Now, we will extract embeddings from the text data, which are numerical representations of the meaning of text, using the sentence-transformers package. Because there are more than 5k articles in the file, we will sample around 1,000 to speed up the process (typically you would want the embeddings for all articles).

In [None]:
# subset articles based on year
data_sample = data[data['Year'] > 2021].reset_index(drop=True)

#How many articles do we end up with?
print(len(data_sample))

The code makes use of the 'all-MiniLM-L6-v2' model, which is a small and efficient embedding model, to extract embeddings from the sentences. The model will encode the sentences into 384-dimensional vector representations. The cell will then print the features as a pandas dataframe for easy viewing.


In [None]:
# Initialize embedding extraction pipeline
model_ckpt = 'all-MiniLM-L6-v2'
#model_ckpt = 'all-mpnet-base-v2' #this is a somewhat larger model that may take more time
model = SentenceTransformer(model_ckpt)

# Extract features
embeddings = model.encode(data_sample['text'], show_progress_bar=True)
embeddings

To visualize the article embeddings (and reduce their dimensionality for clustering downstream), the code initializes a `PaCMAP` object and uses it to project the embeddings into 2 components (because we want to create a 2-dimensional map).

In [None]:
# PaCMAP dimensionality reduction
pacmap_model = pacmap.PaCMAP(n_components=2, n_neighbors=50, MN_ratio=3, FP_ratio=10.0, distance="angular")
lyt = pacmap_model.fit_transform(embeddings)

### Clustering
We will next perform hierarchical clustering using Euclidean distance. We first computes pairwise distances with 'pdist', then build a linkage matrix using the complete linkage method (which considers the furthest pairwise distance between clusters). Finally, we form clusters by cutting the hierarchy to produce a specified number of clusters (in 't = ...').

In [None]:
#Hierarchical clustering
distance_matrix = pdist(lyt, metric='euclidean')
Z = linkage(distance_matrix, method='complete')
clustering = fcluster(Z, t=3, criterion='maxclust')  # t = ... indicates the number of clusters

### Plotting

These clusters can then be visualized:


In [None]:
#set random seed for reproducibility
np.random.seed(42)
jitter = np.random.normal(scale=.3, size=lyt.shape)
plt.figure(figsize=(8, 6))
plt.scatter(lyt[:, 0] + jitter[:, 0], lyt[:, 1] + jitter[:, 1], c=clustering, cmap="Set1", s=20)

# Label cluster centers
for cluster_id in np.unique(clustering):
    idx = np.where(clustering == cluster_id)[0]
    cx, cy = lyt[idx, 0].mean(), lyt[idx, 1].mean()
    plt.text(cx, cy, str(cluster_id), color='black', fontsize=10, ha='center')

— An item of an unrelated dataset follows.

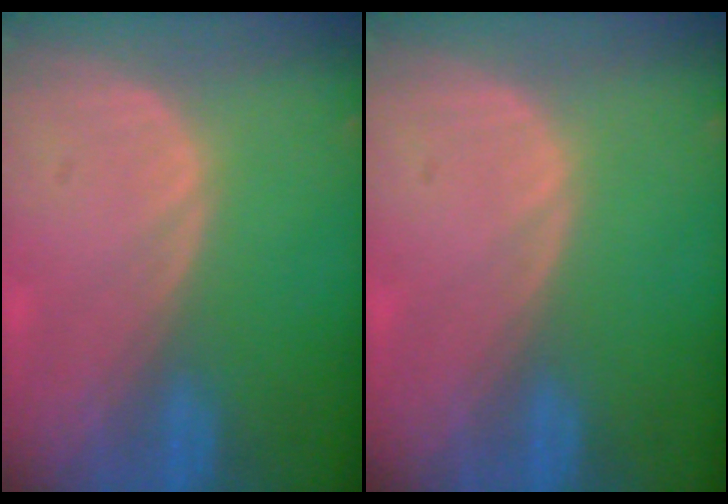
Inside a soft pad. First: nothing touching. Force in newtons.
{"total": 0.0}

plt.title("PaCMAP + Hierarchical Clustering on Sentence Embeddings")
plt.axis('off')

#to save the plot if needed (remove # from code lines)
#generate current timestamp
timestamp = datetime.now().strftime("%H-%M-%S")

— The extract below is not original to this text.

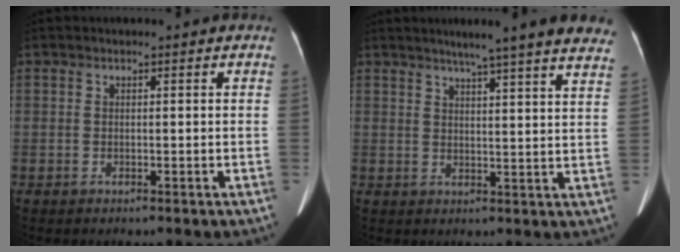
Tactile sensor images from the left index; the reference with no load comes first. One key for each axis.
{"total": 17.7, "fx": 15.1, "fy": 0.0, "fz": 9.2, "tx": -0.129, "ty": -0.012, "tz": 0.176}

#create dynamic filename including time
#feel free to choose a more meaningful name
filename = f"clusters_pacmap_{timestamp}.png"

#save plot
plt.savefig(filename, dpi=300, bbox_inches='tight')

#show plot
plt.show()

### Tasks

**TASK 1**: Try out different numbers of clusters and have a look how the map changes (in the clustering = fcluster...() line you will need to change the t = ... argument). What number do you think works well for the visualization?

**TASK 2:** Sample about 1,000 articles from the beginning of the database and re-run the analysis. How does the map change?

You will have to modify this line:

```
data_sample = data[data['Year'] > 2021].reset_index(drop=True)
```



***Task 3:*** Some article clusters sometimes seem appear more isolated than other. What may be the reason for this?